(Stored data entries)
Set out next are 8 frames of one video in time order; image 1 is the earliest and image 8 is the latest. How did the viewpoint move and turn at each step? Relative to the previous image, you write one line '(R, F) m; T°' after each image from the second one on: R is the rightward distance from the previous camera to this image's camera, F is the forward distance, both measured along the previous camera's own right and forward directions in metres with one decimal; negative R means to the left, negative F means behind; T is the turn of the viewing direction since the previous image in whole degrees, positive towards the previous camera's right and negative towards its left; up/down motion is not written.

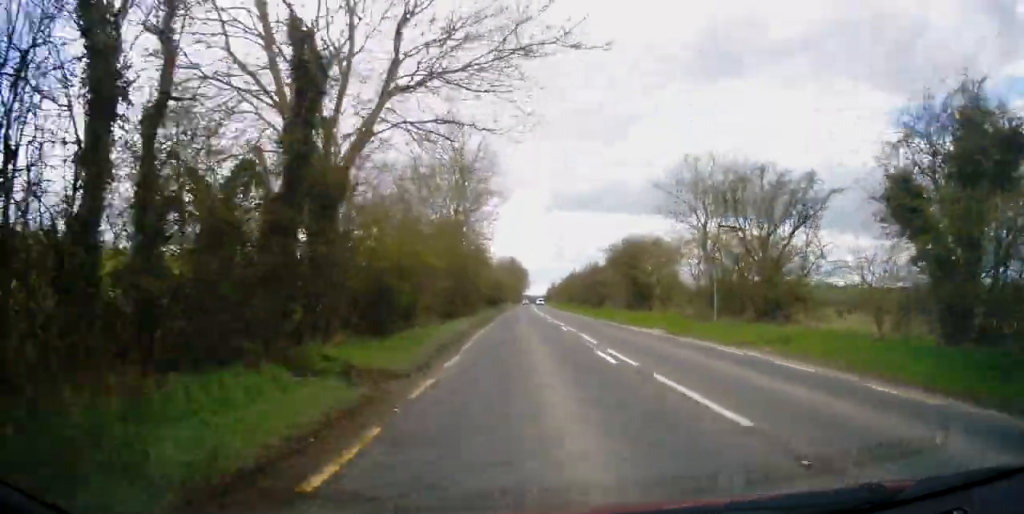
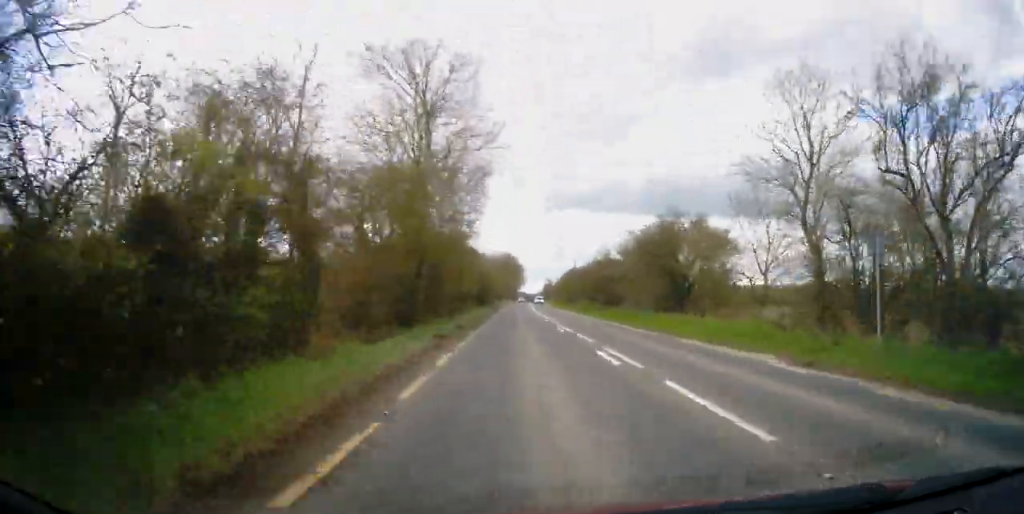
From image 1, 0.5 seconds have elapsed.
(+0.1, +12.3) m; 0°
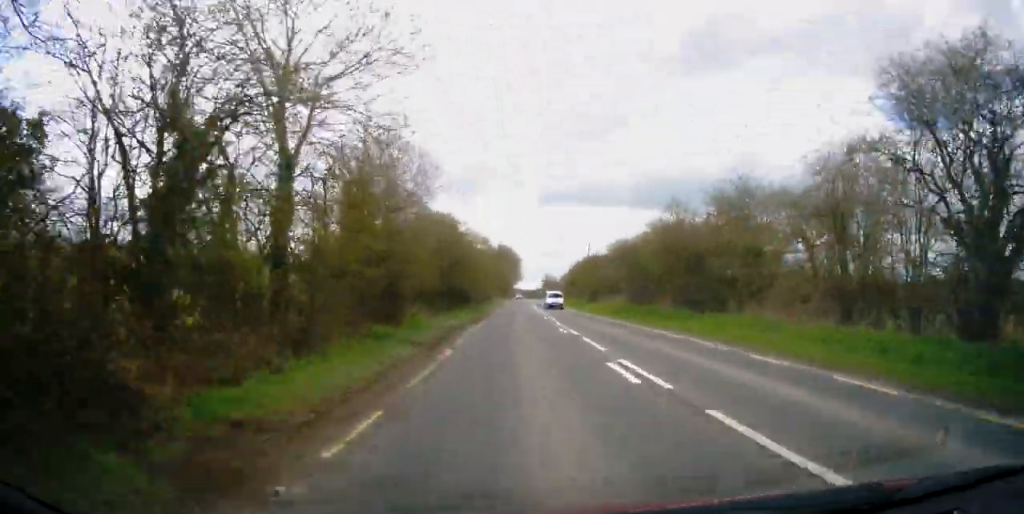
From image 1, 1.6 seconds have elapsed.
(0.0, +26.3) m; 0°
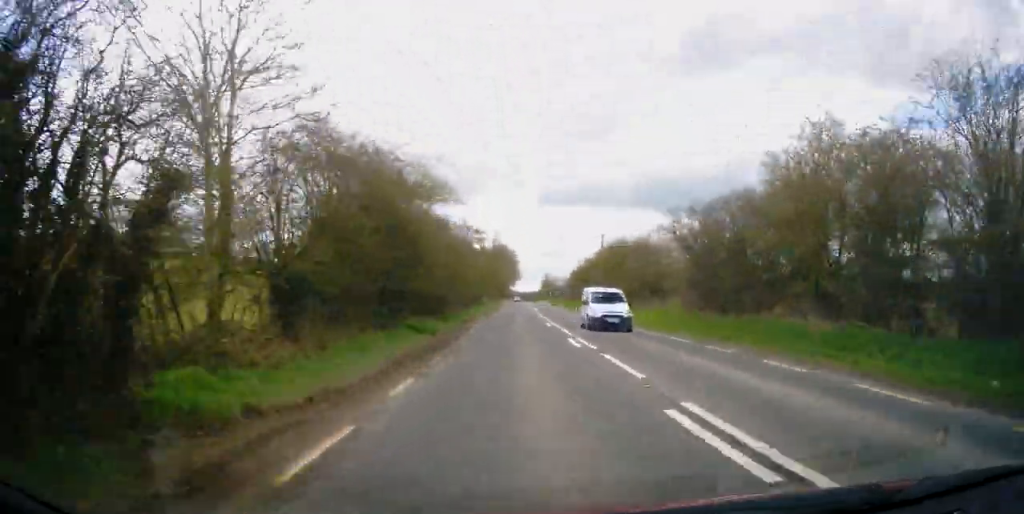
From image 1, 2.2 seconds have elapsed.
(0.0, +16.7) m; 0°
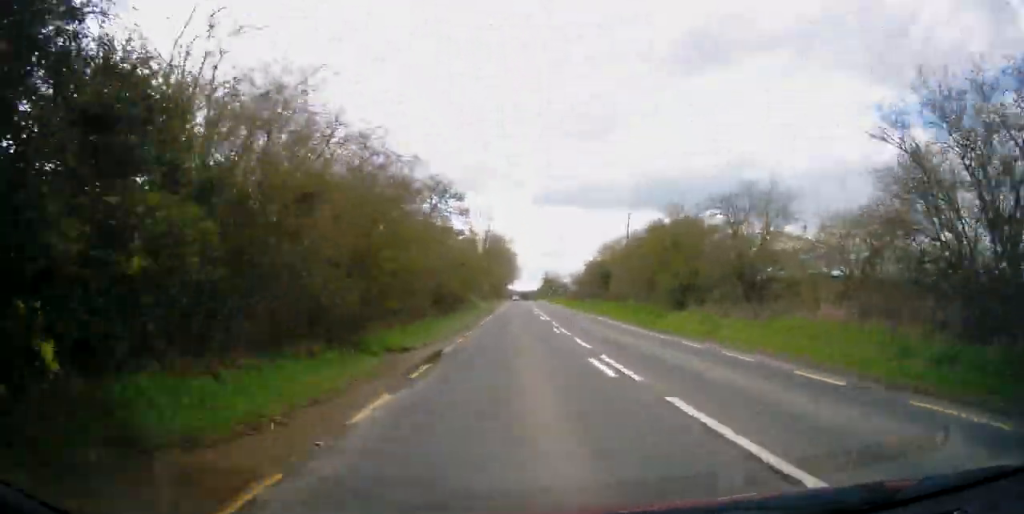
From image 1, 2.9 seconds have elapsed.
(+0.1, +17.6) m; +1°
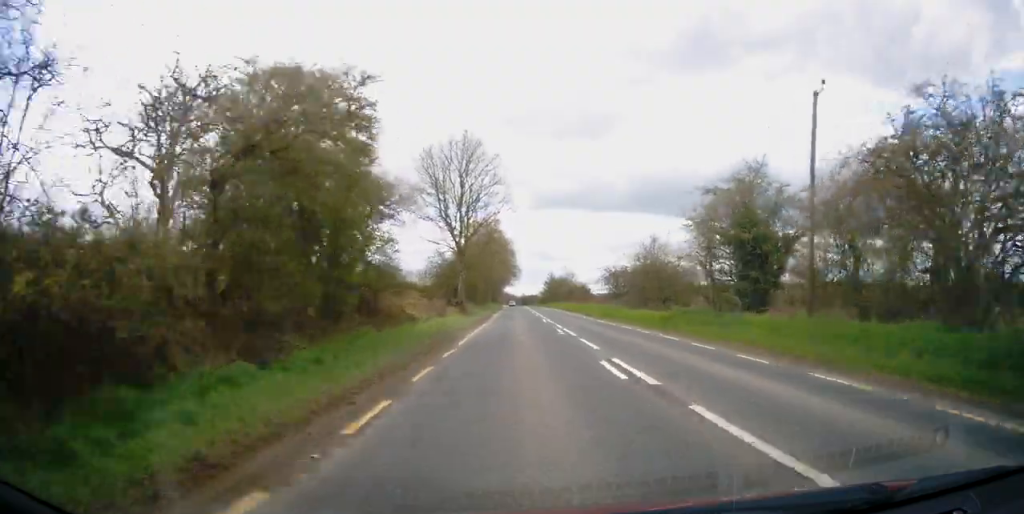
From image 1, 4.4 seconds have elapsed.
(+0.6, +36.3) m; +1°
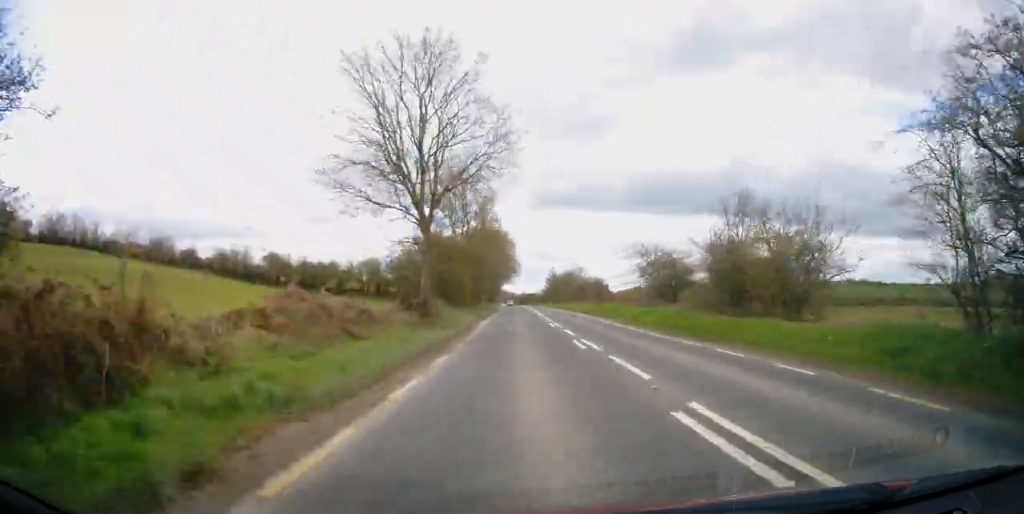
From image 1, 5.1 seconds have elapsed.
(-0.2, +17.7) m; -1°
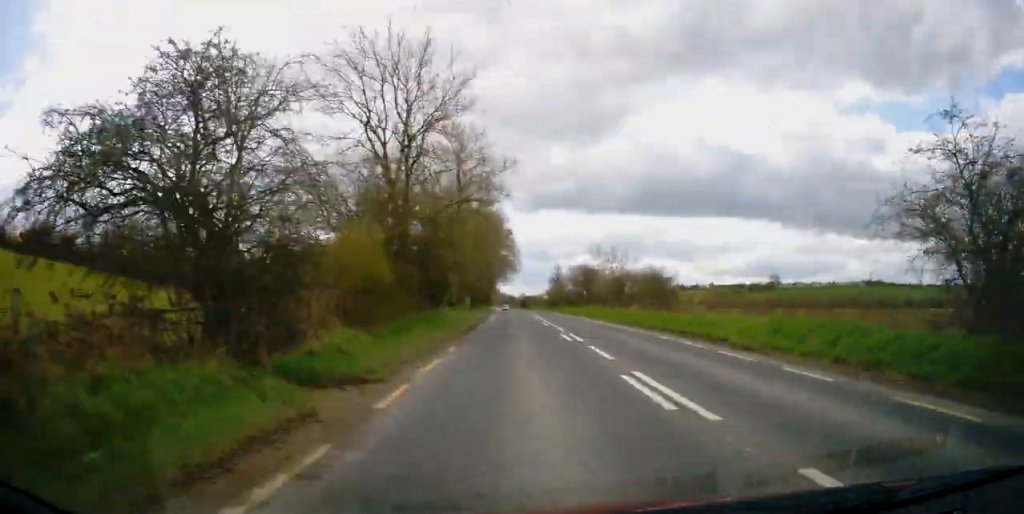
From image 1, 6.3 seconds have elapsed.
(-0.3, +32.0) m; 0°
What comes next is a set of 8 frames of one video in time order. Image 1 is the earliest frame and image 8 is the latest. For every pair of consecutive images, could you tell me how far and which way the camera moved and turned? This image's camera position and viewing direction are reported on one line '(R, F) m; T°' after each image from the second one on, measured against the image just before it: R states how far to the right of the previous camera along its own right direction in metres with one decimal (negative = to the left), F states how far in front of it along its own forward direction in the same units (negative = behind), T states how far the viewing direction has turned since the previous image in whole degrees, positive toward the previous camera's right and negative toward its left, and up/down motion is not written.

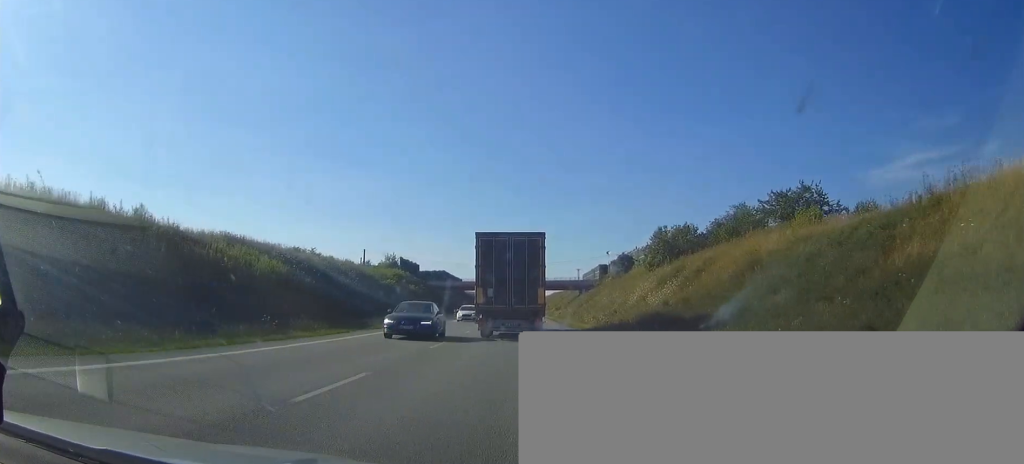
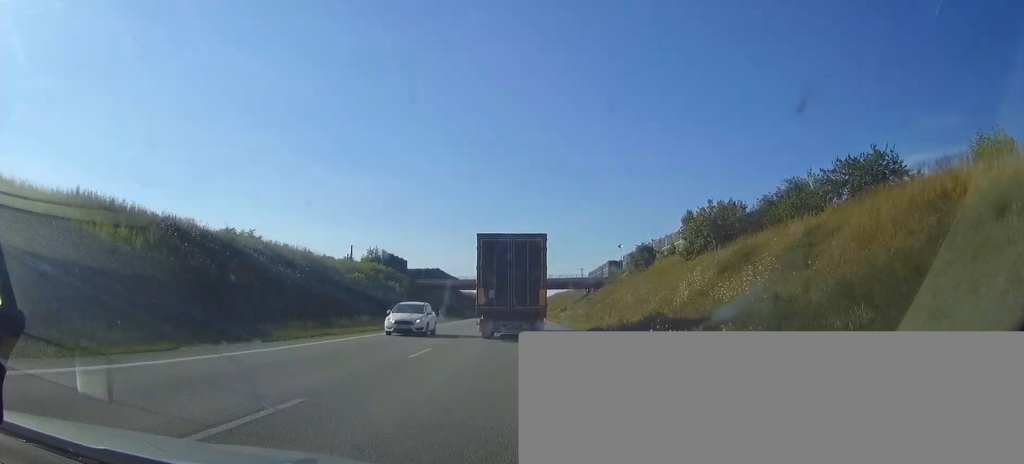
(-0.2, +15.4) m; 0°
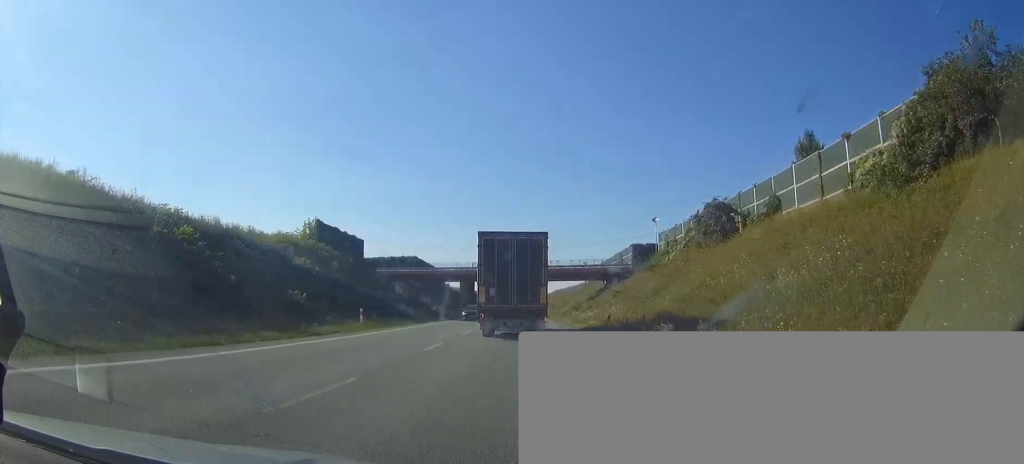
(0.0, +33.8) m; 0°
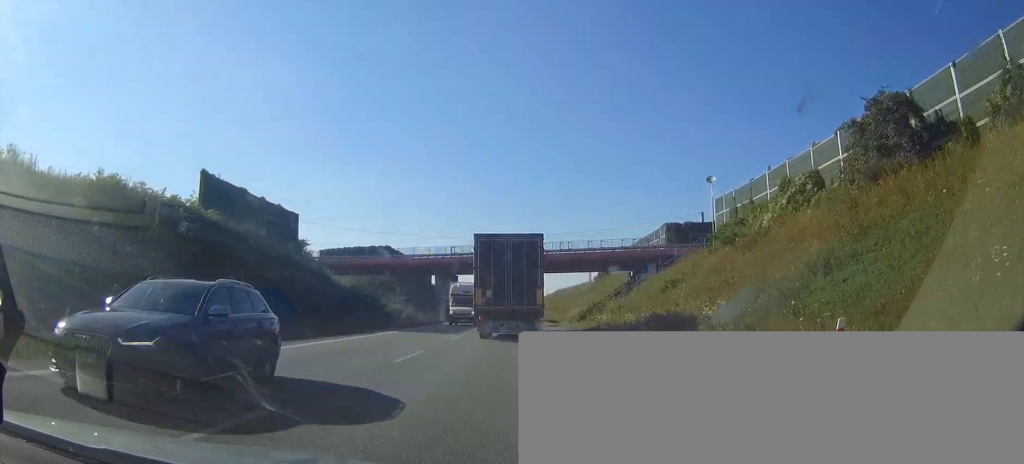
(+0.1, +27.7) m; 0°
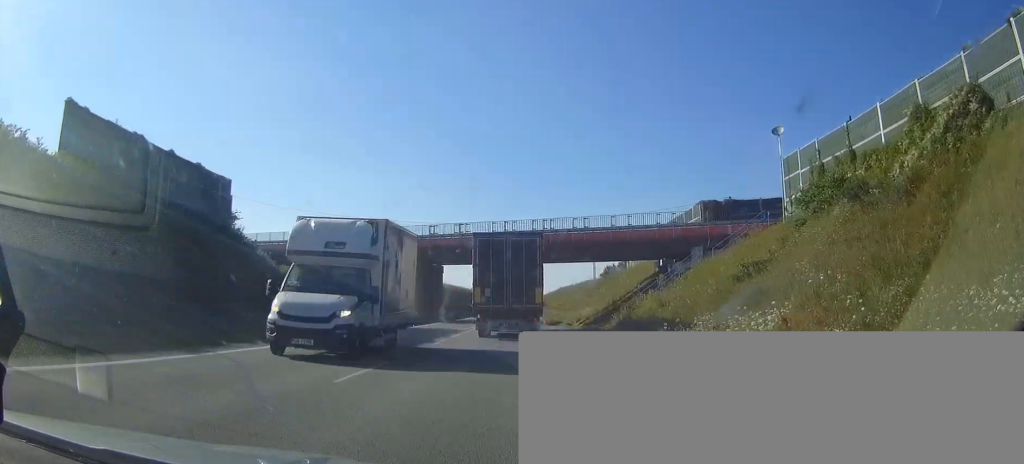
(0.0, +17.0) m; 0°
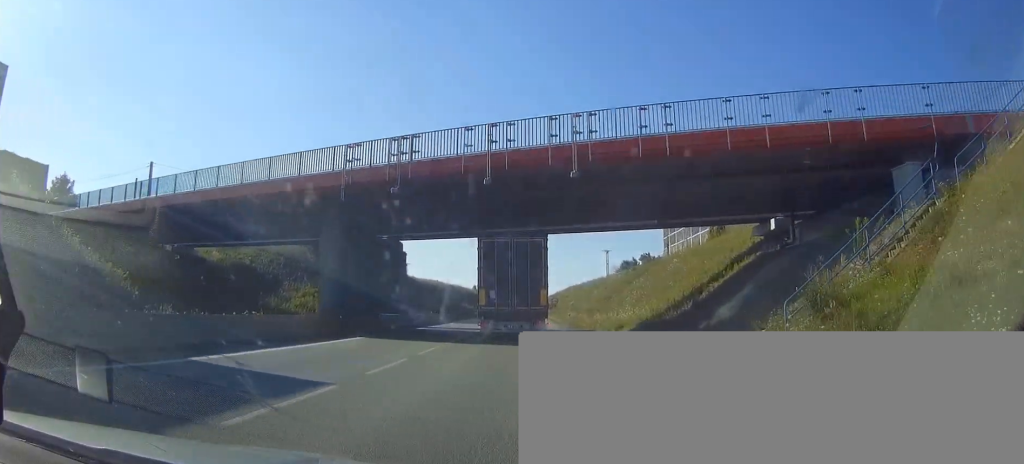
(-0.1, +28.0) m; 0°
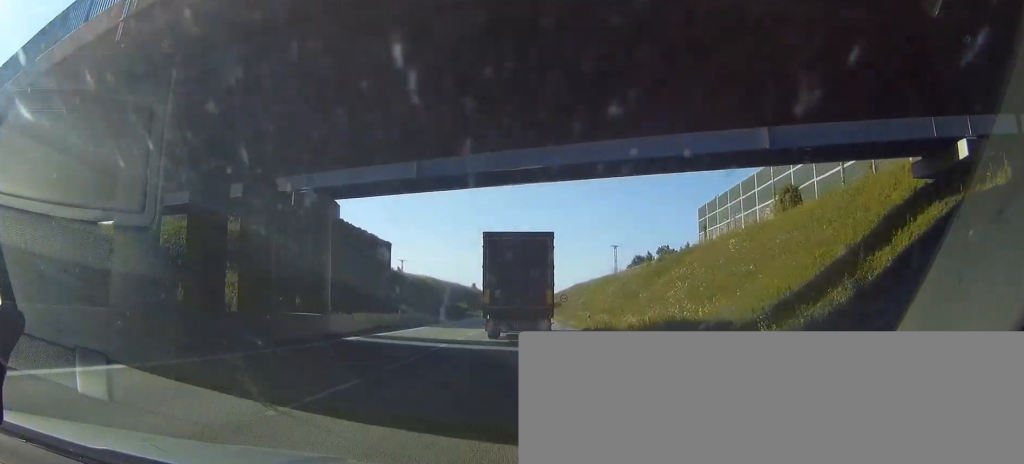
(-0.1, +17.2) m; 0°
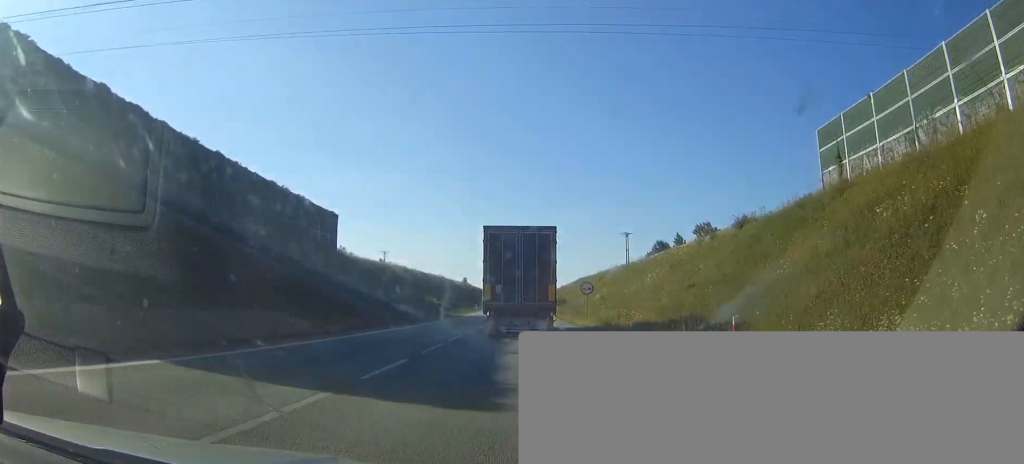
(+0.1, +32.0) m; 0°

*PROBLEM TO WORK ON*:
Your copy should restate every record word for word and contain no pictures.

*RESPONSE AREA*:
Set out next are 8 frames of one video in time order; image 1 is the earliest and image 8 is the latest. How did the viewpoint move and turn at each step? Relative to the previous image, you write one line '(R, F) m; T°' after each image from the second one on: R is the rightward distance from the previous camera to this image's camera, F is the forward distance, both measured along the previous camera's own right and forward directions in metres with one decimal; negative R means to the left, negative F means behind; T is the turn of the viewing direction since the previous image in whole degrees, positive towards the previous camera's right and negative towards its left; up/down motion is not written.

From image 1, 0.5 seconds have elapsed.
(+0.1, +12.3) m; 0°
From image 1, 1.6 seconds have elapsed.
(0.0, +26.3) m; 0°
From image 1, 2.2 seconds have elapsed.
(0.0, +16.7) m; 0°
From image 1, 2.9 seconds have elapsed.
(+0.1, +17.6) m; +1°
From image 1, 4.4 seconds have elapsed.
(+0.6, +36.3) m; +1°
From image 1, 5.1 seconds have elapsed.
(-0.2, +17.7) m; -1°
From image 1, 6.3 seconds have elapsed.
(-0.3, +32.0) m; 0°
What comes next is a set of 8 frames of one video in time order. Image 1 is the earliest frame and image 8 is the latest. For every pair of consecutive images, could you tell me how far and which way the camera moved and turned? This image's camera position and viewing direction are reported on one line '(R, F) m; T°' after each image from the second one on, measured against the image just before it: R states how far to the right of the previous camera along its own right direction in metres with one decimal (negative = to the left), F states how far in front of it along its own forward direction in the same units (negative = behind), T states how far the viewing direction has turned since the previous image in whole degrees, positive toward the previous camera's right and negative toward its left, and up/down motion is not written.

(-0.2, +15.4) m; 0°
(0.0, +33.8) m; 0°
(+0.1, +27.7) m; 0°
(0.0, +17.0) m; 0°
(-0.1, +28.0) m; 0°
(-0.1, +17.2) m; 0°
(+0.1, +32.0) m; 0°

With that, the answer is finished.